Anyway, Joe has paid me (a ridiculously small
amount) to come visit him three times this year and, every
time I go he sucks my mind so dry... that... by the time I get
on the plane to fly back to Miami, I sit there in my seat like
some kind of zombie who yearns to get back to the peace of his
coffin.
In fact, it got so bad the last time that when
the stewardess came up to me and asked, "Coffee,
tea or milk?" I snarled at her and said...
"Don't You Ever Ask Me
Something Like That Again... If This Bullshit Airline
Thinks
I'm Going To Give Them Free Consulting To Questions Like That
So They
Can Obtain A Higher Retention Of Their Customers, They
Are Sadly Mistaken!"
"Gee, I didn't mean to offend you,"
the stewardess replied, "is there anything I can
get you?"
"Yeah,"
I said, "get me
some pure heroin and something to inject it with!"
"Oh,"
she said, "you've
been out to see Joe Polish, haven't you?"
I must admit, after that, the flight did go a
bit better.
Anyway, here's what it's like to work for a
freak like Joe Polish: He always picks me up at the airport;
he's always waiting for me right at the damn gate.
"Gary,"
he says, "we just
did an A/B split on yellow order coupons versus green ones and
we're thinking of doing another test on eliminating the phone
order option and we need to know what you think about blah,
blah, blah, etc."
No "hello."
No "How's Theresa?
How's Pat? Are your kids OK? Is Bond still getting married in
October?"
Nothing like that. Just question after
question on how to improve his marketing. I'd say, on average,
he usually sucks about $30,000 worth of info outta me before
we're even outta the airport. It continues in his car during
the drive to his office. It continues when we get to his
office. It continues when he drives me to my hotel room. It
continues in my hotel room. It continues at dinner at
his house.
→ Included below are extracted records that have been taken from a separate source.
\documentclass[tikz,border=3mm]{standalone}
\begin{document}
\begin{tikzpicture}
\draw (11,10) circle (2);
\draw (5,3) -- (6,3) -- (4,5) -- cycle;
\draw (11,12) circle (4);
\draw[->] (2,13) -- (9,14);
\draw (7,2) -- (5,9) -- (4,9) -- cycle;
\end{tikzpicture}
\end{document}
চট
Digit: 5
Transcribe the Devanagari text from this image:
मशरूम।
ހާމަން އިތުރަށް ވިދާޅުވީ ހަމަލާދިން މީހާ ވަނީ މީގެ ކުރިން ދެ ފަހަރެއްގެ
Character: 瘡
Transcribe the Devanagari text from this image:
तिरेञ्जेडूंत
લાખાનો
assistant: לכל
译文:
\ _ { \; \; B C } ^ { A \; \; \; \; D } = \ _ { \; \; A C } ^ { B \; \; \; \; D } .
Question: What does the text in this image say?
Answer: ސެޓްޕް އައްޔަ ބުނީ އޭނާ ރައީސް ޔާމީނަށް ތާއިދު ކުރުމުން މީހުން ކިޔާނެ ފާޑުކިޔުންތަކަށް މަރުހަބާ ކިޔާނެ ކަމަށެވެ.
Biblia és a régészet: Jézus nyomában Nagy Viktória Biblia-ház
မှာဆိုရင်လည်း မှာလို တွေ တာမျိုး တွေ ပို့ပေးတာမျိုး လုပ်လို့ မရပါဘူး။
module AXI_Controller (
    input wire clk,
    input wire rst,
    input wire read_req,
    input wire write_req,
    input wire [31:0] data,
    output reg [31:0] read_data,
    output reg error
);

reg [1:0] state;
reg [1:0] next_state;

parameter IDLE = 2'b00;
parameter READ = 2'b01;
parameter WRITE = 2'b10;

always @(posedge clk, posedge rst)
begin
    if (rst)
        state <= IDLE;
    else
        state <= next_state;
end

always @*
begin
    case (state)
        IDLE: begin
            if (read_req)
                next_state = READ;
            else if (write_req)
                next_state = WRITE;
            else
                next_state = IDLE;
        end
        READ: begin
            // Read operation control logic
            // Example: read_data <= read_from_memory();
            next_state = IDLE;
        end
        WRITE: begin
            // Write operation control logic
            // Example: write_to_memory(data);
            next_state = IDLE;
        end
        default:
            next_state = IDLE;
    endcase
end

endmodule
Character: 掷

And on and on and on.
Joe's gonna be a new father by the time you
read this (the doctor says it's a boy) and, I'm giving eight
to five this little sucker comes out of the womb with a copy
of Scientific
Advertising in one hand and all the back issues of The Gary Halbert Letter in the other. When the doctor whacks him on
the ass to start his breathing, the little shit's first words
will probably be something like, "Hey
Doc... do you send an 'upsell letter' to all the new mothers
within 48-hours of when you deliver their new kid? You know,
if the kid's a boy like me, maybe you could attach a condom to
the first page of the letter as a 'grabber' and, if it's a
girl maybe you could attach a birth control pill... or...
etc., etc."
Don't laugh. This may happen.
Monsters do beget monsters.
And so it came to pass, on my last visit, I
end up one evening sitting at Joe's kitchen table while he
interviews me for this "Mickey Mouse"
"Tape-Of-The-Month Club" he has for all his best
subscribers. Also present at that taping is Brian Kay, a guy
who markets marketing info to certified financial planners and
insurance agents; R.D. "Ardy" Skinner, a pretty
blonde lady I was going to ask for a date until I learned she
prefers roaches to men (literally, she's a niche
marketer to people in the pest control business); and Pat
Rivera, my efficient, frigid, Peruvian/American assistant who
considers me so stupid and dysfunctional, she treats me like
I'm some kind of damn paraplegic.
Whatever. That was the set-up. I was tired,
irritable and surrounded by the "Roach Lady," the
"Peruvian Ice Goddess," an emotionally flat humanoid
who thinks insurance agents and financial planners are
interesting, and rabid Joe Polish himself who immediately
starts a machine-gun flow of questions... which... of
course... I am compelled (he's paying me) to answer.
As the questions keep coming, I get more and
more pissed off. After a while, I'm thinking, "Hey,
you really wanna know the truth? OK, fine, if you can handle
it, I'll give you the real scoop on how to turn your
marketing endeavors into a virtual 'Operation Moneysuck.'"
And so I did.
It wasn't "pretty" but, during that
interview, I just said to hell with it and truly let it all
hang out.
Later, Joe asks me if he can sell the tape. "No," I says, "that
wasn't part of our deal. Only to your Tape-Of-The-Month Club
members," I reminded him.
"So,
can I give them away?" he wonders.
"Nah,
don't do that," I told him. "If
you give it away free, people won't give it the value it
deserves. Instead, why don't you make people who want the tape
make a donation to the Phoenix Children's Hospital? That way,
the people who get the tape will value it more because they
had to pay for it even though they didn't pay you."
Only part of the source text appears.